AI has been in development for over sixty years. During this time, it has gone through several periods of excitement. In the past, there was considerable focus on looking at how human experts behaved and then codifying those practices as rules into a computer. In contrast, progress today is being driven by a subset of machine learning called deep learning. Deep learning involves feeding data to neural networks crudely modelled on how we think the human brain might work and using algorithms to have the computer learn from that data. Rather than trying to examine samples of information with preset rules, computers are now powerful enough to examine complete data sets and observe whatever patterns might exist within them. With the advent of unsupervised learning, this data does not even need to be labelled to allow the computer to make sense of it. Deep learning is enabling remarkable improvements in machine translation, natural language recognition and computer vision.
Moore’s law suggests that processing power doubles every two years, but other improvements in computing have actually enabled far greater progress. Cloud computing lowered the cost, while a shift from using computer processing units (CPUs) to graphics processing units (GPUs) has sped up deep learning by 10-20x. GPUs are well suited to deep learning because they specialise in doing a large number of simple calculations in parallel. Overall, computational performance in deep learning has improved a staggering fiftyfold in just three years.
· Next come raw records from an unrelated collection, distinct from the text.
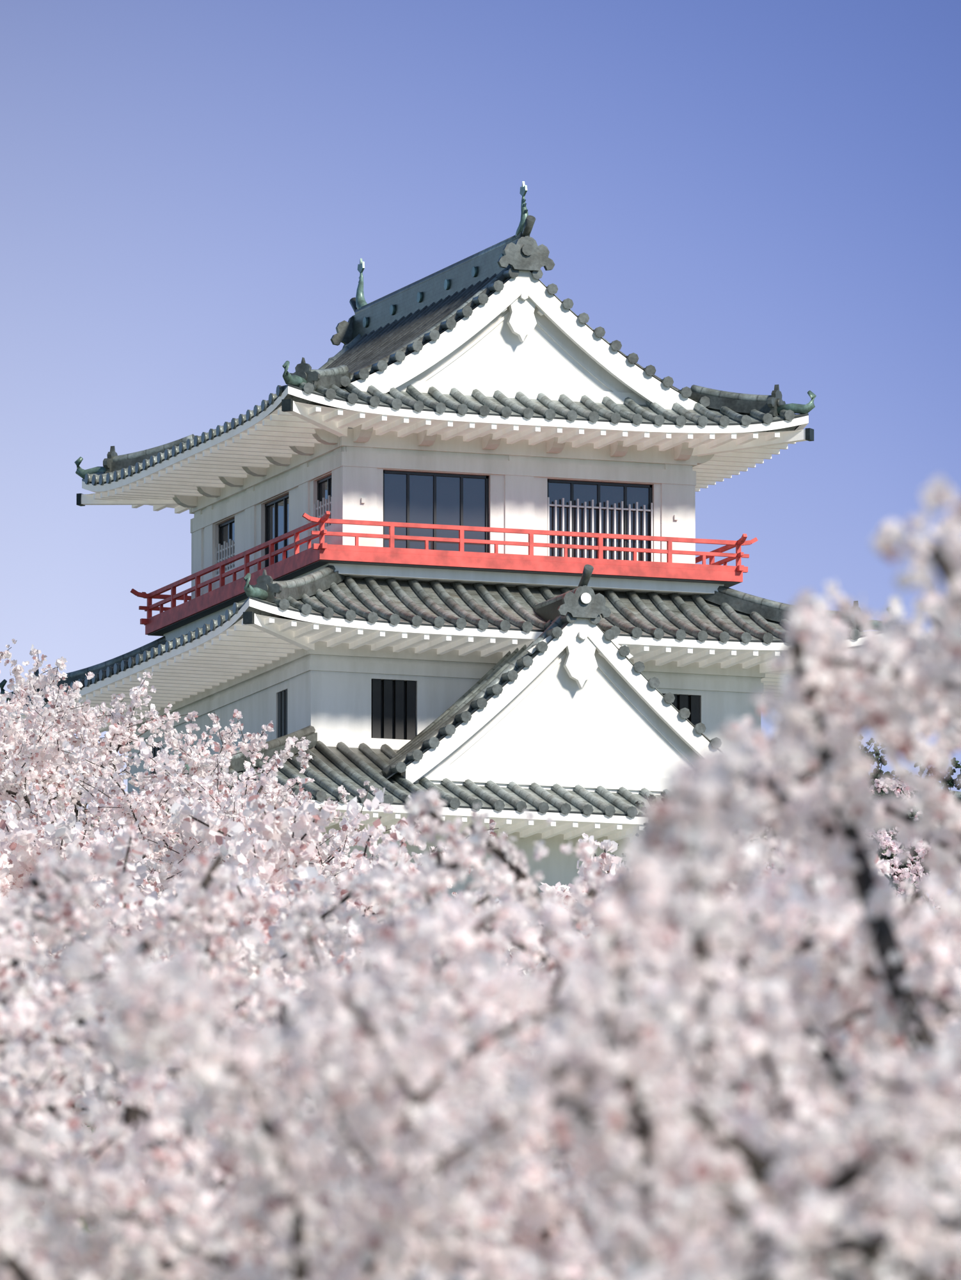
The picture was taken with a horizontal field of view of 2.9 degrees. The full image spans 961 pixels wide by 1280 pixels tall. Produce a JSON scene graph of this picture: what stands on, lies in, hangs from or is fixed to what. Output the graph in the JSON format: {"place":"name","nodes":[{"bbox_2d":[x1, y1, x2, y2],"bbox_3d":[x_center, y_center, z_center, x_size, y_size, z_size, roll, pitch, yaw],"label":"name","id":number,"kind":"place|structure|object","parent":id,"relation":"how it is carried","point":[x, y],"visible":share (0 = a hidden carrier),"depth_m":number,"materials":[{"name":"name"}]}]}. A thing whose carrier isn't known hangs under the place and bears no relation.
{"place":"outdoors","nodes":[
{"label":"outdoors","id":0,"kind":"place"},
{"bbox_2d":[0,805,149,1126],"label":"cherry","id":1,"kind":"object","parent":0,"point":[24,850],"depth_m":387.20,"materials":[{"name":"pink plant"}]},
{"bbox_2d":[0,638,193,851],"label":"cherry","id":2,"kind":"object","parent":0,"point":[41,681],"depth_m":441.77,"materials":[{"name":"pink plant"}]},
{"bbox_2d":[76,1125,135,1231],"bbox_3d":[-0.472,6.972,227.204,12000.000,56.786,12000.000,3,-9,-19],"label":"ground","id":3,"kind":"structure","parent":0,"point":[85,1227],"depth_m":423.27,"materials":[{"name":"plant"}]},
{"bbox_2d":[0,753,210,1132],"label":"cherry","id":4,"kind":"object","parent":3,"relation":"on","point":[73,781],"depth_m":407.17,"materials":[{"name":"pink plant"}]},
{"bbox_2d":[506,779,751,976],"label":"cherry","id":5,"kind":"object","parent":3,"relation":"on","point":[606,861],"depth_m":383.72,"materials":[{"name":"pink plant"}]},
{"bbox_2d":[767,774,938,911],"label":"cherry","id":6,"kind":"object","parent":3,"relation":"on","point":[906,873],"depth_m":422.36,"materials":[{"name":"pink plant"}]},
{"bbox_2d":[872,846,944,932],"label":"cherry","id":7,"kind":"object","parent":3,"relation":"on","point":[884,866],"depth_m":319.04,"materials":[{"name":"pink plant"}]},
{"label":"stone plinth","id":8,"kind":"object","parent":3,"relation":"on","visible":0},
{"bbox_2d":[126,424,912,953],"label":"castle walls","id":9,"kind":"structure","parent":8,"relation":"on","point":[326,687],"depth_m":451.37,"materials":[{"name":"white paint"}]},
{"bbox_2d":[151,469,699,812],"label":"windows","id":10,"kind":"structure","parent":9,"relation":"in","point":[455,499],"depth_m":451.49,"materials":[{"name":"black glass"}]},
{"bbox_2d":[130,510,758,641],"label":"balcony","id":11,"kind":"structure","parent":9,"relation":"attached to","point":[530,569],"depth_m":451.19,"materials":[{"name":"red paint"}]},
{"bbox_2d":[81,385,808,513],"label":"roof eaves","id":12,"kind":"object","parent":9,"relation":"attached to","point":[278,432],"visible":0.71,"depth_m":451.67,"materials":[{"name":"white paint"}]},
{"bbox_2d":[74,266,816,506],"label":"tiled roof","id":13,"kind":"structure","parent":9,"relation":"attached to","point":[724,409],"depth_m":452.00,"materials":[{"name":"grey tile"}]},
{"bbox_2d":[313,270,696,428],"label":"white gable","id":14,"kind":"structure","parent":13,"relation":"on","point":[526,333],"depth_m":452.15,"materials":[{"name":"white paint"}]},
{"bbox_2d":[318,181,709,407],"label":"top ridge tiles","id":15,"kind":"object","parent":13,"relation":"on","point":[521,249],"visible":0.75,"depth_m":453.73,"materials":[{"name":"grey tile"}]},
{"bbox_2d":[0,565,893,709],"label":"roof","id":16,"kind":"structure","parent":9,"relation":"attached to","point":[724,614],"depth_m":449.58,"materials":[{"name":"grey tile"}]},
{"bbox_2d":[15,599,887,732],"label":"roof eaves","id":17,"kind":"object","parent":9,"relation":"attached to","point":[188,669],"visible":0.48,"depth_m":448.84,"materials":[{"name":"white paint"}]},
{"bbox_2d":[90,782,917,890],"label":"roof eaves","id":18,"kind":"object","parent":9,"relation":"attached to","point":[569,826],"visible":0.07,"depth_m":444.46,"materials":[{"name":"white paint"}]},
{"bbox_2d":[78,725,960,836],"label":"roof","id":19,"kind":"structure","parent":9,"relation":"attached to","point":[330,770],"depth_m":445.07,"materials":[{"name":"grey tile"}]},
{"bbox_2d":[379,564,721,779],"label":"gable tiles","id":20,"kind":"object","parent":19,"relation":"on","point":[559,612],"visible":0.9,"depth_m":446.97,"materials":[{"name":"grey tile"}]},
{"bbox_2d":[401,592,716,824],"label":"white gable","id":21,"kind":"structure","parent":19,"relation":"on","point":[582,703],"depth_m":446.94,"materials":[{"name":"paint"}]},
{"bbox_2d":[0,671,355,865],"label":"cherry","id":22,"kind":"object","parent":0,"point":[45,747],"depth_m":431.22,"materials":[{"name":"pink plant"}]},
{"bbox_2d":[0,951,373,1279],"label":"cherry","id":23,"kind":"object","parent":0,"point":[27,1016],"depth_m":149.94,"materials":[{"name":"pink plant"}]},
{"bbox_2d":[0,728,508,1144],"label":"cherry","id":24,"kind":"object","parent":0,"point":[157,829],"depth_m":401.84,"materials":[{"name":"pink plant"}]},
{"bbox_2d":[6,787,515,1179],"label":"cherry","id":25,"kind":"object","parent":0,"point":[272,827],"depth_m":327.17,"materials":[{"name":"pink plant"}]},
{"bbox_2d":[0,959,572,1272],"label":"cherry","id":26,"kind":"object","parent":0,"point":[100,1136],"depth_m":147.94,"materials":[{"name":"pink plant"}]},
{"bbox_2d":[0,833,573,1263],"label":"cherry","id":27,"kind":"object","parent":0,"point":[65,903],"depth_m":162.99,"materials":[{"name":"pink plant"}]},
{"bbox_2d":[25,823,556,1230],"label":"cherry","id":28,"kind":"object","parent":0,"point":[266,932],"depth_m":251.71,"materials":[{"name":"pink plant"}]},
{"bbox_2d":[0,922,960,1279],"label":"cherry","id":29,"kind":"object","parent":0,"point":[450,1118],"depth_m":89.55,"materials":[{"name":"pink plant"}]},
{"bbox_2d":[0,845,960,1279],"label":"cherry","id":30,"kind":"object","parent":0,"point":[551,1206],"depth_m":107.92,"materials":[{"name":"pink plant"}]},
{"bbox_2d":[0,0,960,907],"label":"sky","id":31,"kind":"structure","parent":0,"point":[744,196],"materials":[{"name":"blue"}]},
{"bbox_2d":[287,864,753,979],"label":"cherry","id":32,"kind":"object","parent":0,"point":[311,873],"depth_m":259.26,"materials":[{"name":"pink plant"}]},
{"bbox_2d":[216,780,960,1169],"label":"cherry","id":33,"kind":"object","parent":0,"point":[420,804],"depth_m":183.62,"materials":[{"name":"pink plant"}]},
{"bbox_2d":[414,474,960,1279],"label":"cherry","id":34,"kind":"object","parent":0,"point":[687,1214],"depth_m":77.77,"materials":[{"name":"pink plant"}]},
{"bbox_2d":[529,595,960,1202],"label":"cherry","id":35,"kind":"object","parent":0,"point":[943,863],"depth_m":123.58,"materials":[{"name":"pink plant"}]},
{"bbox_2d":[530,517,960,1272],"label":"cherry","id":36,"kind":"object","parent":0,"point":[839,687],"depth_m":101.68,"materials":[{"name":"pink plant"}]},
{"bbox_2d":[613,720,960,899],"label":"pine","id":37,"kind":"object","parent":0,"point":[877,773],"depth_m":434.07,"materials":[{"name":"plant"}]}
]}

The proliferation of the internet, particularly on mobile devices, has led to an explosion in the data necessary to feed deep learning algorithms. In 2016, it was observed that more data was created in the previous two years than in the whole of human history. This matters because today’s artificial mind is still rather dull. A human brain needs only a dozen images of dogs and cats to begin to distinguish between them. An artificial mind requires thousands of examples. If AlphaGo had only been able to practice as much as Lee Sedol, Sedol would have annihilated his artificial opponent. More data is creating smarter machines.
The most relevant near-term application of deep learning is natural language recognition. This has the potential to change how we interact with the internet and therefore how every internet company interacts with its users.
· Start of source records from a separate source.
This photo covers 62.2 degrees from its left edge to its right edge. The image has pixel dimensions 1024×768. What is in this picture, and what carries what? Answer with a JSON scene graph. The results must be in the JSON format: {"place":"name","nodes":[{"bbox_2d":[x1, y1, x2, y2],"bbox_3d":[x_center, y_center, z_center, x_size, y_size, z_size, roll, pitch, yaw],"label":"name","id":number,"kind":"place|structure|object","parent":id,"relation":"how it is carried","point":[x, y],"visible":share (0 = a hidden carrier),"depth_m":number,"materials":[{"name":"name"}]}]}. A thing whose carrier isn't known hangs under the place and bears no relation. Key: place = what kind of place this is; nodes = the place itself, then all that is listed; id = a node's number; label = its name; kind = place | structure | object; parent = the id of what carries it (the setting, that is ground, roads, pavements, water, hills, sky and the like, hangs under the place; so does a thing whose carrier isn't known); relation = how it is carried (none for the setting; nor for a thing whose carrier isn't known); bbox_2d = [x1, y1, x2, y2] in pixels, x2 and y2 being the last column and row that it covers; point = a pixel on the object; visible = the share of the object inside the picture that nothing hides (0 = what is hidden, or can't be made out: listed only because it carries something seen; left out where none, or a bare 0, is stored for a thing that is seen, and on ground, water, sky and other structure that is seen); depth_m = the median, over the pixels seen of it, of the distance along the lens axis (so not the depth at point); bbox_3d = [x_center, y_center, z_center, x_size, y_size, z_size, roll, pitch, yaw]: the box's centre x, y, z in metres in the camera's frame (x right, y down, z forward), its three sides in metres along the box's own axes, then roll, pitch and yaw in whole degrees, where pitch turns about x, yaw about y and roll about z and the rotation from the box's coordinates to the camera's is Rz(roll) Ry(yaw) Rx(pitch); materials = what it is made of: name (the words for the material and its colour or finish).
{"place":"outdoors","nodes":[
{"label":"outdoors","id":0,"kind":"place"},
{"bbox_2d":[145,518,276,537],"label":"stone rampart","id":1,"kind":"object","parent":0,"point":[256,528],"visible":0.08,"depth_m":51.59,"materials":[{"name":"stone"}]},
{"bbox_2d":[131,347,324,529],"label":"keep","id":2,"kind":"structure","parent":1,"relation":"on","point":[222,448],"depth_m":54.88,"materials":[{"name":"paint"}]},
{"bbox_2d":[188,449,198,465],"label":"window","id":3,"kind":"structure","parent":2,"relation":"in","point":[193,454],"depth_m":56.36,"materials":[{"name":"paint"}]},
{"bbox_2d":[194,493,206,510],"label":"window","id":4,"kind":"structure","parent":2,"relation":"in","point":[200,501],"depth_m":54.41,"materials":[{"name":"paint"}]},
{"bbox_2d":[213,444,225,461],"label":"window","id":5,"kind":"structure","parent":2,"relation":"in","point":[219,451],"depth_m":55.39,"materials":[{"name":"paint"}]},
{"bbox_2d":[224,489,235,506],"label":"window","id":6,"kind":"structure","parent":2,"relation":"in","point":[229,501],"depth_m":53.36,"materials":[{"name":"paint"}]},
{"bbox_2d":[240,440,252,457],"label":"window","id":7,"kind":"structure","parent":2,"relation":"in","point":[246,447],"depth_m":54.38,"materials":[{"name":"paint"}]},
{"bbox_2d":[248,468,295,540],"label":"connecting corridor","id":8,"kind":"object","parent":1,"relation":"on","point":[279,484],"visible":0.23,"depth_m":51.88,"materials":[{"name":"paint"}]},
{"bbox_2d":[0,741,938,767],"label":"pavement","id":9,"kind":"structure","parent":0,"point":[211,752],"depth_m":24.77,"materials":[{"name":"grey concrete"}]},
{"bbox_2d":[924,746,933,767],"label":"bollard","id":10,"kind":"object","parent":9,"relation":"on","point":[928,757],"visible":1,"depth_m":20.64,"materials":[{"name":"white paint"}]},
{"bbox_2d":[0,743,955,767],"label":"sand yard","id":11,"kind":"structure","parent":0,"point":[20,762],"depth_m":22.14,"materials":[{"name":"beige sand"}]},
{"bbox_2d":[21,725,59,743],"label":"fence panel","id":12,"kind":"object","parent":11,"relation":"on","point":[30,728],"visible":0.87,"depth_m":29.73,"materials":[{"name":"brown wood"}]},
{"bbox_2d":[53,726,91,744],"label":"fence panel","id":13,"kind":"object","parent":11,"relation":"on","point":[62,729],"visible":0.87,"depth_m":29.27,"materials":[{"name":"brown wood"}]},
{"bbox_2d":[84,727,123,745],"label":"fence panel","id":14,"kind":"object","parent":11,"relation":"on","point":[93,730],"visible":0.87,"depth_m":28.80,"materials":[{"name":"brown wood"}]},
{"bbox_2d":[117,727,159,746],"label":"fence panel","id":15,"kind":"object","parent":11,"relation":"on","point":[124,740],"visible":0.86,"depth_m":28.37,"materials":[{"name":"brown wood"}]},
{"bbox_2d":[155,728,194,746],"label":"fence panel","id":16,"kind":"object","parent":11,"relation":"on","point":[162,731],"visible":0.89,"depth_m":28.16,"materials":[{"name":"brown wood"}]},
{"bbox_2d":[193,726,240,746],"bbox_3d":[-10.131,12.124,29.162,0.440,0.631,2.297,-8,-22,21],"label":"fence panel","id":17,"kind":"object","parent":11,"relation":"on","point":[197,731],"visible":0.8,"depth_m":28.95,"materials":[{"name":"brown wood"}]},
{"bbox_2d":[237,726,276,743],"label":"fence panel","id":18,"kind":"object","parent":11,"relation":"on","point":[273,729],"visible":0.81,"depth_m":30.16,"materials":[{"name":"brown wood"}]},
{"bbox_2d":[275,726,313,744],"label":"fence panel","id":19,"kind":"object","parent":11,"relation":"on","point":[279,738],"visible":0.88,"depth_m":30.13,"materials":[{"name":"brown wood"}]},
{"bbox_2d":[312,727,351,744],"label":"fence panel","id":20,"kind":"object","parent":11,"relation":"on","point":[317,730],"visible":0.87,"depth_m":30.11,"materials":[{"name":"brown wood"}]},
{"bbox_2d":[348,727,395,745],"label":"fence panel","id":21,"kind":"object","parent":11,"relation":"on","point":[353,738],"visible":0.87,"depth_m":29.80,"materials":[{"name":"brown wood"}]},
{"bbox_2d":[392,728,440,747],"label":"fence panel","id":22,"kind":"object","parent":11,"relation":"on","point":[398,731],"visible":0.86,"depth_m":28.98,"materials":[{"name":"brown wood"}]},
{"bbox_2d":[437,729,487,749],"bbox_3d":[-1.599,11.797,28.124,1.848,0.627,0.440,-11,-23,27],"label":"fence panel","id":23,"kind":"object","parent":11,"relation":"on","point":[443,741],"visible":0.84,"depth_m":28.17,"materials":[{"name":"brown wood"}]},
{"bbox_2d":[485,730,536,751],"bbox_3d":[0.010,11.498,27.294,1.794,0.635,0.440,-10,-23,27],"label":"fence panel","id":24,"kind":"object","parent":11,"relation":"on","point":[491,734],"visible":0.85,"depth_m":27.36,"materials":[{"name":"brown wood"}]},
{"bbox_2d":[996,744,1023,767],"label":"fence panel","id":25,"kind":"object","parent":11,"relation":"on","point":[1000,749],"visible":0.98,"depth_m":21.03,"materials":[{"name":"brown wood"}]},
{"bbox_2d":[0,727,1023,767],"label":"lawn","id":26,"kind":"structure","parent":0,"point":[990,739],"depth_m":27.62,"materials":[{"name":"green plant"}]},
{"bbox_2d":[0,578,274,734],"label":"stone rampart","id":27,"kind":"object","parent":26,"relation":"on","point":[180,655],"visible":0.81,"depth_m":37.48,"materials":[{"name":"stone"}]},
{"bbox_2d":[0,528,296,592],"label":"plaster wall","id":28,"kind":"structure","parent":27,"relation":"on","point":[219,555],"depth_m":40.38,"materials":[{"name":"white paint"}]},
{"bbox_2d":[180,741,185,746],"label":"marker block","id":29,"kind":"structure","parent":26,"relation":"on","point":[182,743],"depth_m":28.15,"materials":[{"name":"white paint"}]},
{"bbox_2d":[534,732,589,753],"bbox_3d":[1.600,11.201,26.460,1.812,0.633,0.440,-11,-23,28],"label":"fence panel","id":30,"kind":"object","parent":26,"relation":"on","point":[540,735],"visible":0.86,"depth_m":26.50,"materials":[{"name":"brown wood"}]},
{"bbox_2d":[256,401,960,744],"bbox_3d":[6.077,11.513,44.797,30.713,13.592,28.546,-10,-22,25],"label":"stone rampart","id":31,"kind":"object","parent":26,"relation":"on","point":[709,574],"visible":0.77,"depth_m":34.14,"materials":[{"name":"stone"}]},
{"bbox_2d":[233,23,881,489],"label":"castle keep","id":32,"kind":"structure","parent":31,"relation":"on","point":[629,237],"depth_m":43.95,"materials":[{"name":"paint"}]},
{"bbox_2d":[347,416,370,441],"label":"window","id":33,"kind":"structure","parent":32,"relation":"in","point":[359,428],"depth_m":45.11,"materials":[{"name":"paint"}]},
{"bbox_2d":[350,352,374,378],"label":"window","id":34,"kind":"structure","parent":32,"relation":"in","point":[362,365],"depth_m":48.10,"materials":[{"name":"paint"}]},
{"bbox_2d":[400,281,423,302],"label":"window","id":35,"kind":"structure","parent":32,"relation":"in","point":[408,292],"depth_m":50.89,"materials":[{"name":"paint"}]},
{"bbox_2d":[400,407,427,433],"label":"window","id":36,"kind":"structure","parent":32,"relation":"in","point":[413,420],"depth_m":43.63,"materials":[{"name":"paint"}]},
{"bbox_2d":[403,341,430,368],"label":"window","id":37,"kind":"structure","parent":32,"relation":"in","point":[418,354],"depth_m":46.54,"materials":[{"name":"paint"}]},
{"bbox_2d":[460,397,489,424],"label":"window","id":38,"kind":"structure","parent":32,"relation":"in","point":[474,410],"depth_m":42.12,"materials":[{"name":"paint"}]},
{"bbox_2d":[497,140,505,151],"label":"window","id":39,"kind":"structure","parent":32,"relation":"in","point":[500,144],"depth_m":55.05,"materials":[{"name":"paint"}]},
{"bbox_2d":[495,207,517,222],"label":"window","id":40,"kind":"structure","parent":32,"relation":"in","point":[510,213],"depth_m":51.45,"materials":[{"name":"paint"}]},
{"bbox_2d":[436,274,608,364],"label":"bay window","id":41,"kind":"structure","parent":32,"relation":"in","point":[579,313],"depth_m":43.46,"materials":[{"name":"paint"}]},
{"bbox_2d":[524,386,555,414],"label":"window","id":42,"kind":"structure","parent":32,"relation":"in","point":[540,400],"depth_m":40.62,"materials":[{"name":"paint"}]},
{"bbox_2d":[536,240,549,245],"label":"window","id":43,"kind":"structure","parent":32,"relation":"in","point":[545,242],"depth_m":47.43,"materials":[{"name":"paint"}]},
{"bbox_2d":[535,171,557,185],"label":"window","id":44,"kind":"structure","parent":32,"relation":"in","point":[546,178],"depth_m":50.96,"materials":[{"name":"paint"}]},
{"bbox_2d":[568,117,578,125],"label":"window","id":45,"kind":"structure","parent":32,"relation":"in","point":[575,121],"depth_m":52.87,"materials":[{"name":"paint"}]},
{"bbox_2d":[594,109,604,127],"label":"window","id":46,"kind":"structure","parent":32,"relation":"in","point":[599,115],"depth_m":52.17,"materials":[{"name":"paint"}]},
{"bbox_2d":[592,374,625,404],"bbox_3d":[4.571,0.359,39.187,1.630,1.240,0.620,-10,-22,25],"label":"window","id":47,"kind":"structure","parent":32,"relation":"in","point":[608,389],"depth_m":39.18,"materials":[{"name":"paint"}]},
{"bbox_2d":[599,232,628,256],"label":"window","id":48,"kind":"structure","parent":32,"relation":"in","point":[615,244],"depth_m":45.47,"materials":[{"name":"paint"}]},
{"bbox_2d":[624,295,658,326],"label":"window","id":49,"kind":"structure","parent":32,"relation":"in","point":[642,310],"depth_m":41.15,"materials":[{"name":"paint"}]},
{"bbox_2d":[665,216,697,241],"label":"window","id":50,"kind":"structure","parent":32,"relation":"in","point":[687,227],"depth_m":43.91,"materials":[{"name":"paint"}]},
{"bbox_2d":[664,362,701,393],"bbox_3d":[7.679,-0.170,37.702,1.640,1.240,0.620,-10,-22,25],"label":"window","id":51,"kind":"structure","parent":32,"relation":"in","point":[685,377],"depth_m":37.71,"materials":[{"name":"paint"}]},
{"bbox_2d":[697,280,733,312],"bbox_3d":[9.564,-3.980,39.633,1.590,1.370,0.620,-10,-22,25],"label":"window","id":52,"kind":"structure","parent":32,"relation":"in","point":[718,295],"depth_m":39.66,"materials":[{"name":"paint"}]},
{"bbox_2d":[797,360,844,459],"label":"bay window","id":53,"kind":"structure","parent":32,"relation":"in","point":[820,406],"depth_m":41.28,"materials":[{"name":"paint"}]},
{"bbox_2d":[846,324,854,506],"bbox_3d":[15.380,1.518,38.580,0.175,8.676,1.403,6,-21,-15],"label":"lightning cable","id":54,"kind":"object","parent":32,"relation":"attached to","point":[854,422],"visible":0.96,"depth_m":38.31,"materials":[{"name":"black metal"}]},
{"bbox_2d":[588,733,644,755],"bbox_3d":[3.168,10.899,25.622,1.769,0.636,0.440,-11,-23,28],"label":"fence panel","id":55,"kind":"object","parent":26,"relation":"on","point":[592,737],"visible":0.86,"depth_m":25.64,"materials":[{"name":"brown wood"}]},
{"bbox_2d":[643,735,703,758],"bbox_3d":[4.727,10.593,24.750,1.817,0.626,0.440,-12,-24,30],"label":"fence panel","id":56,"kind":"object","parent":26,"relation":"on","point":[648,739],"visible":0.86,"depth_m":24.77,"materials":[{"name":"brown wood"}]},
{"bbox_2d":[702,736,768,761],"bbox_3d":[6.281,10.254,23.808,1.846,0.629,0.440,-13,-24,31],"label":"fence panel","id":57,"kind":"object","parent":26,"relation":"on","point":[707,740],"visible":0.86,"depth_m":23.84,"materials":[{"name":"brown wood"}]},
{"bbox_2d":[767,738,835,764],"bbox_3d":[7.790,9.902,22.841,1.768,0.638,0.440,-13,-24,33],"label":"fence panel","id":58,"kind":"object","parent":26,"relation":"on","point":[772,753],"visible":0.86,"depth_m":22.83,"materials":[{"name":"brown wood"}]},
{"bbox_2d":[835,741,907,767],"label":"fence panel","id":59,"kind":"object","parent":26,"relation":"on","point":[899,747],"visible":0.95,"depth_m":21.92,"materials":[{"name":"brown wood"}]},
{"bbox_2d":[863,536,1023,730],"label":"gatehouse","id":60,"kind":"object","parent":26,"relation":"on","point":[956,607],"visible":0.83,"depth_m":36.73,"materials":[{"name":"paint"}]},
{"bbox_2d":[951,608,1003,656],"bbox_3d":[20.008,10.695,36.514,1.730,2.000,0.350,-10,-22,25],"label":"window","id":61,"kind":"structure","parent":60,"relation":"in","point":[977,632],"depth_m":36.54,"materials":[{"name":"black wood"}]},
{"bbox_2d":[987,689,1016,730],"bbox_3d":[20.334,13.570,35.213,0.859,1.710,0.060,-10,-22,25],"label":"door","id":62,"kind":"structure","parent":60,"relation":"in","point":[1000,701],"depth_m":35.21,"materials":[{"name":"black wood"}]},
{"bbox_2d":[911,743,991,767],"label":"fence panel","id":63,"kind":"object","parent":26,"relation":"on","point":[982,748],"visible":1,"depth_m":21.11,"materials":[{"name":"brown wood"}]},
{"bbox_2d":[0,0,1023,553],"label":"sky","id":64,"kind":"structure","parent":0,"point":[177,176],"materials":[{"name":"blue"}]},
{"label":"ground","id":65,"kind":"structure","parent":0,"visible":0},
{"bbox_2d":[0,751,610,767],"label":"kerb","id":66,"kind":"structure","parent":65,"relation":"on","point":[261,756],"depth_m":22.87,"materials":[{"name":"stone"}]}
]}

Li believes this represents the third era of the internet. The first was the desktop era, with keyboards as the input device. The second was the mobile internet with touch screen input. Li believes the mobile internet era is now coming to an end, replaced by the AI era with natural language recognition as the input device.
The application of deep learning to natural language recognition has fuelled significant progress. Error rates have fallen from over 15% in early 2015 to below 4% today. Moreover, a Stanford study using Baidu’s Deep Speech 2 recently demonstrated that speech recognition was 3x faster in English and 2.8x faster in Mandarin than using a touch screen. Furthermore, it found speech recognition actually reduced the error rate in English by 20% and in Mandarin by an incredible 63%.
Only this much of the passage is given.